Please find the lines in the entries below that contain the word "rgba", and copy each one.

((

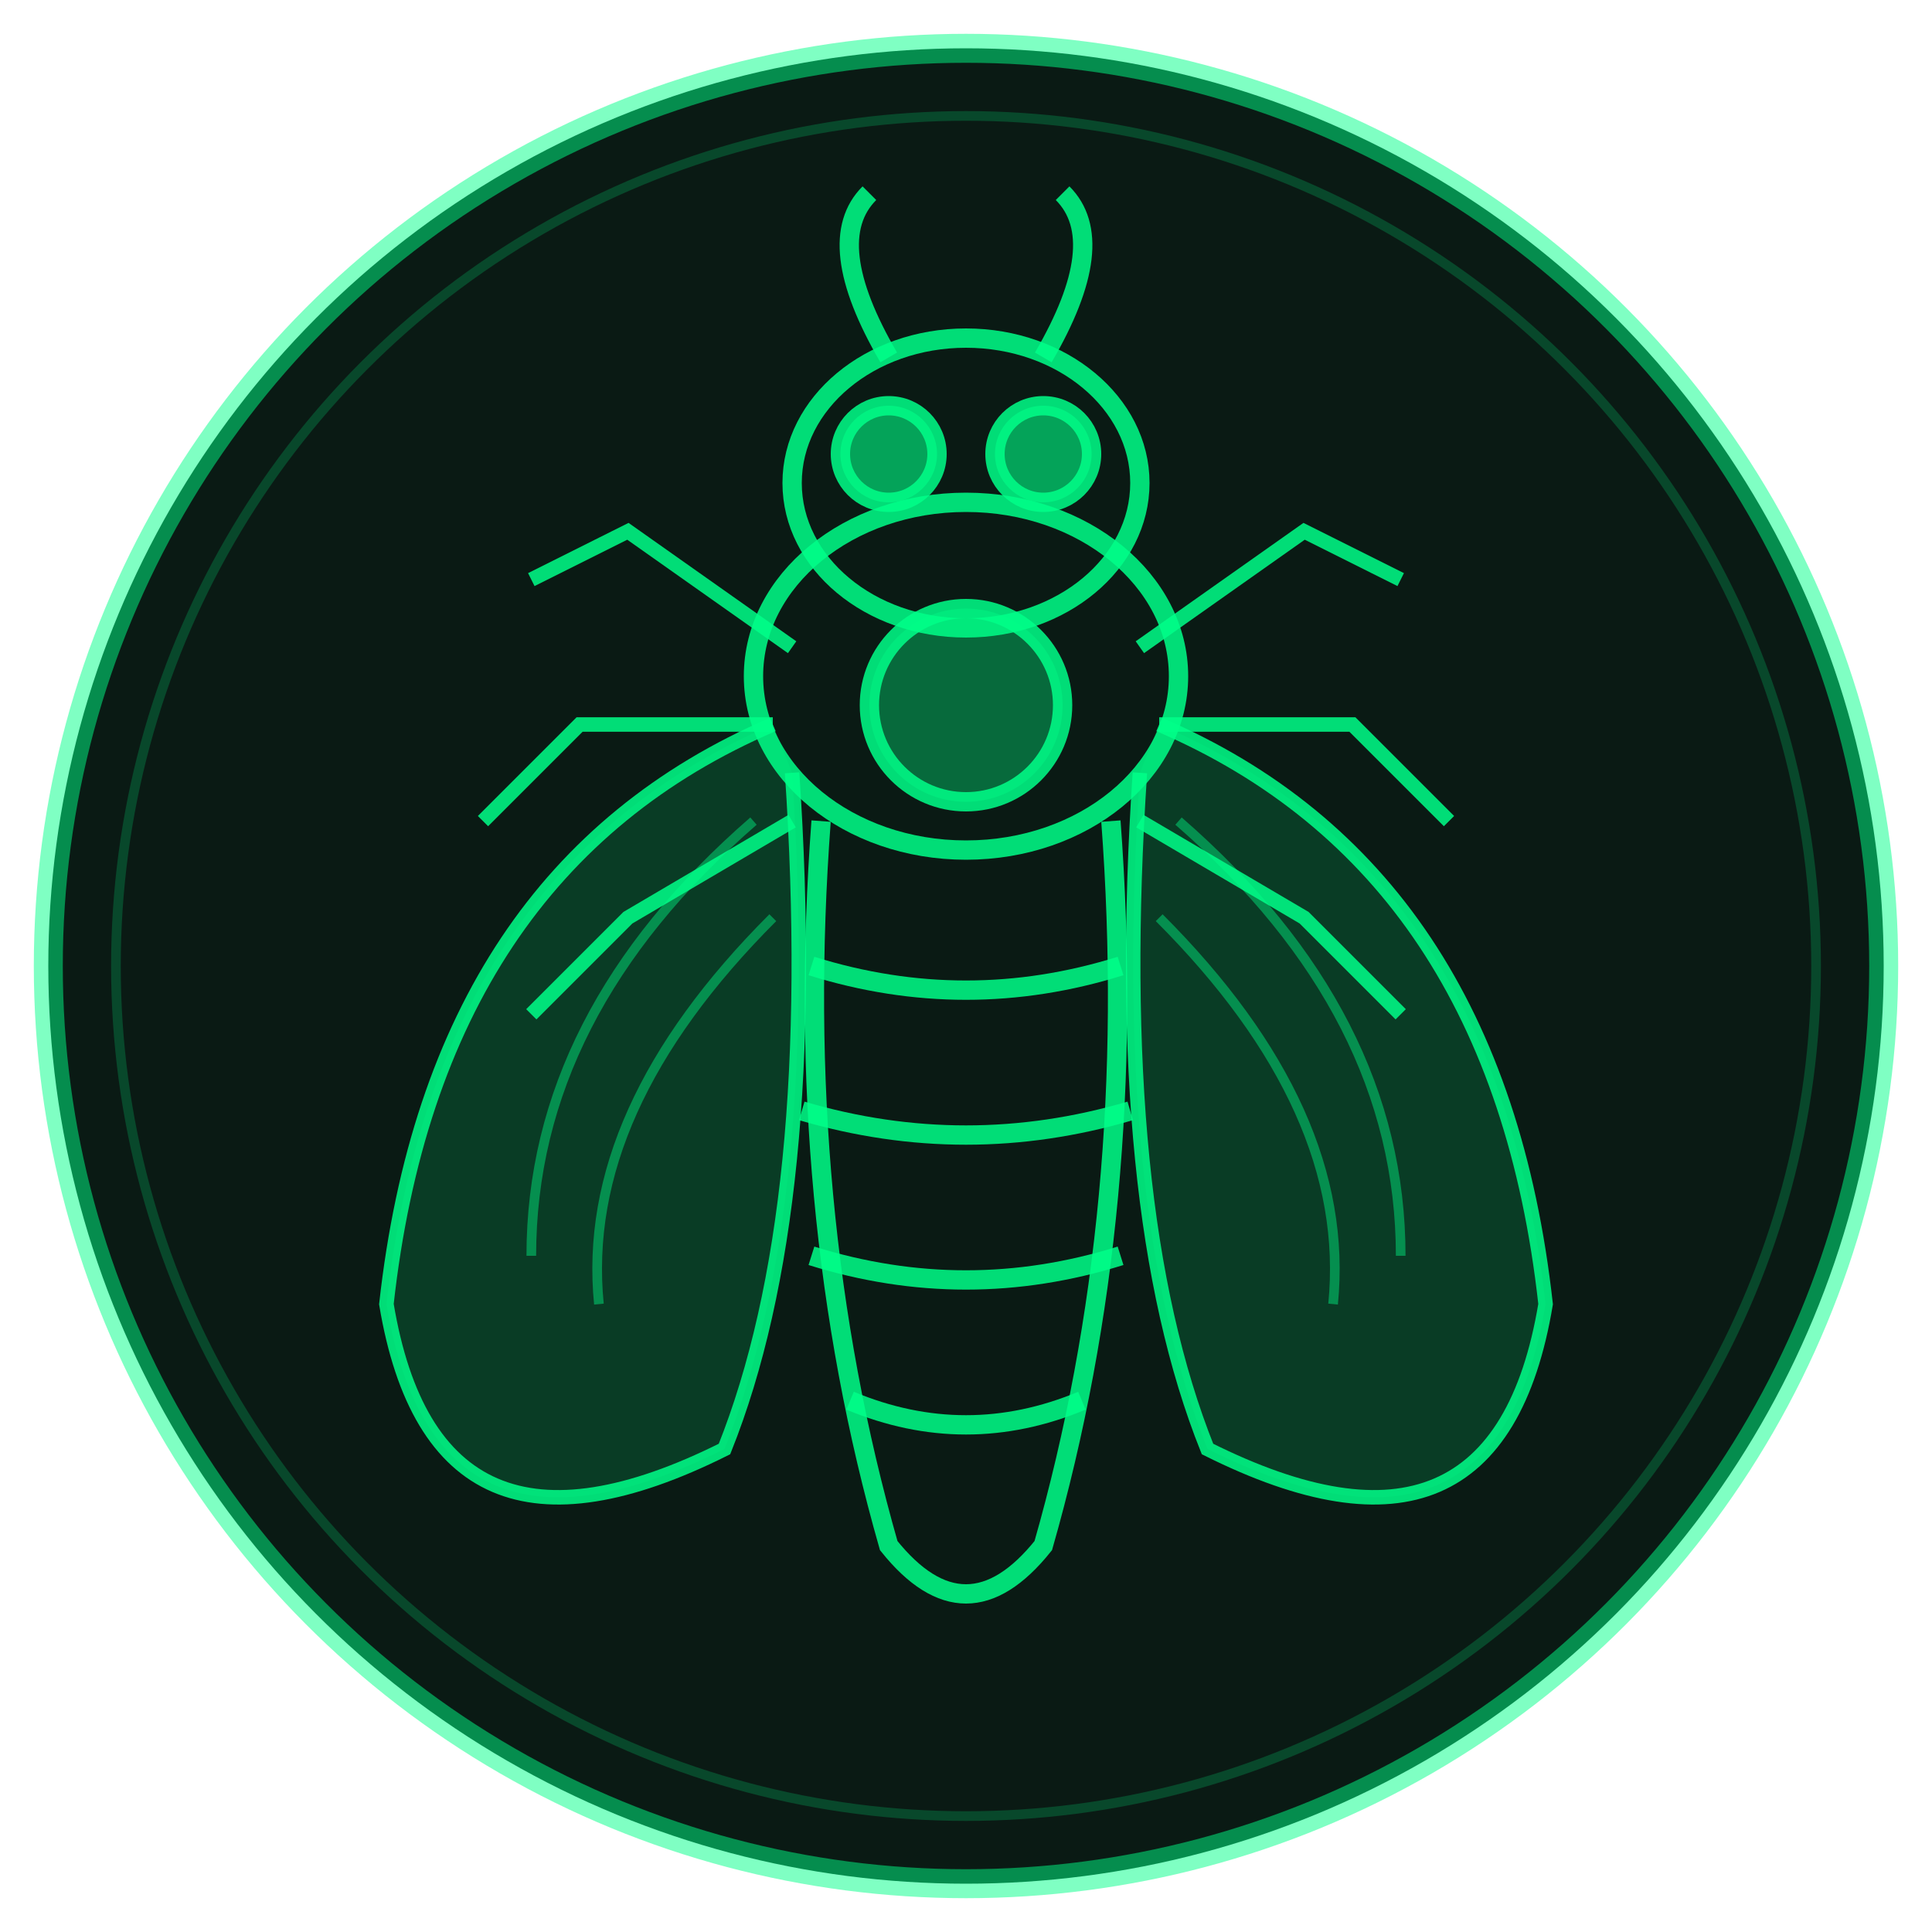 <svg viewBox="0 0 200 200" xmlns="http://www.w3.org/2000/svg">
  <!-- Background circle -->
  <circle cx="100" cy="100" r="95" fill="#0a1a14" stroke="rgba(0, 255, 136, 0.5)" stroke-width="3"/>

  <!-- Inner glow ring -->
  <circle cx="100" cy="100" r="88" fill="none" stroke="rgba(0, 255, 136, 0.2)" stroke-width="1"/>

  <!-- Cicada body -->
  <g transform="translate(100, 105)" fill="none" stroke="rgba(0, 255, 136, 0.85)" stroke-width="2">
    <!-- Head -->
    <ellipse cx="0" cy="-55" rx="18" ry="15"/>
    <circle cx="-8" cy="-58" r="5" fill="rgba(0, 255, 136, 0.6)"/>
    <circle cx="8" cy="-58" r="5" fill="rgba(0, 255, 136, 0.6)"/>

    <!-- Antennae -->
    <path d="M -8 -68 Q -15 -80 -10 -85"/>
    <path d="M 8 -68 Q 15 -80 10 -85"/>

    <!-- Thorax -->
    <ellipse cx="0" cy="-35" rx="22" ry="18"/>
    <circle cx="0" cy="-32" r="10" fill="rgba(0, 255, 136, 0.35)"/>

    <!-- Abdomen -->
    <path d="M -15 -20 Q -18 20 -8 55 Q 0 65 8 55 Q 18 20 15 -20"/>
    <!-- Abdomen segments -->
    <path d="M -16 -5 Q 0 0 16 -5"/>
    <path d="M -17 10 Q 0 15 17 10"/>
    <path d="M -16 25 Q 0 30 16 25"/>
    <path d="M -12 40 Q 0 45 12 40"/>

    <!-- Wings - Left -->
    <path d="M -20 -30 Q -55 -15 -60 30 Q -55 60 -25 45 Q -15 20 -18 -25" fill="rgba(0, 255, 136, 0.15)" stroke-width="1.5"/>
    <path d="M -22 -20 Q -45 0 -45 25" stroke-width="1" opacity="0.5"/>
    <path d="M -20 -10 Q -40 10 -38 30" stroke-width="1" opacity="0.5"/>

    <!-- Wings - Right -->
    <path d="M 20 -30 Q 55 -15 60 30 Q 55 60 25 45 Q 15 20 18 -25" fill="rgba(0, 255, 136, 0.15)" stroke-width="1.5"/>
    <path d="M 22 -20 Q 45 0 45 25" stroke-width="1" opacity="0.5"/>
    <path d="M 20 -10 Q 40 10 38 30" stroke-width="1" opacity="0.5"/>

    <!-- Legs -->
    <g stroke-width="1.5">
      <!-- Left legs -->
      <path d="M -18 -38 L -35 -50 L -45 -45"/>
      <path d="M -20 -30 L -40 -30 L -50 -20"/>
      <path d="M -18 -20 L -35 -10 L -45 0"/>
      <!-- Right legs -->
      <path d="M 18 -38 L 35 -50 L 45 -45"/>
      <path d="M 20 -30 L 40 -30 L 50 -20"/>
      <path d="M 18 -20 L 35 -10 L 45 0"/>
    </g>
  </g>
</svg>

))

» Exercise output
  <circle cx="100" cy="100" r="95" fill="#0a1a14" stroke="rgba(0, 255, 136, 0.5)" stroke-width="3"/>
  <circle cx="100" cy="100" r="88" fill="none" stroke="rgba(0, 255, 136, 0.2)" stroke-width="1"/>
  <g transform="translate(100, 105)" fill="none" stroke="rgba(0, 255, 136, 0.85)" stroke-width="2">
    <circle cx="-8" cy="-58" r="5" fill="rgba(0, 255, 136, 0.6)"/>
    <circle cx="8" cy="-58" r="5" fill="rgba(0, 255, 136, 0.6)"/>
    <circle cx="0" cy="-32" r="10" fill="rgba(0, 255, 136, 0.35)"/>
    <path d="M -20 -30 Q -55 -15 -60 30 Q -55 60 -25 45 Q -15 20 -18 -25" fill="rgba(0, 255, 136, 0.15)" stroke-width="1.5"/>
    <path d="M 20 -30 Q 55 -15 60 30 Q 55 60 25 45 Q 15 20 18 -25" fill="rgba(0, 255, 136, 0.15)" stroke-width="1.5"/>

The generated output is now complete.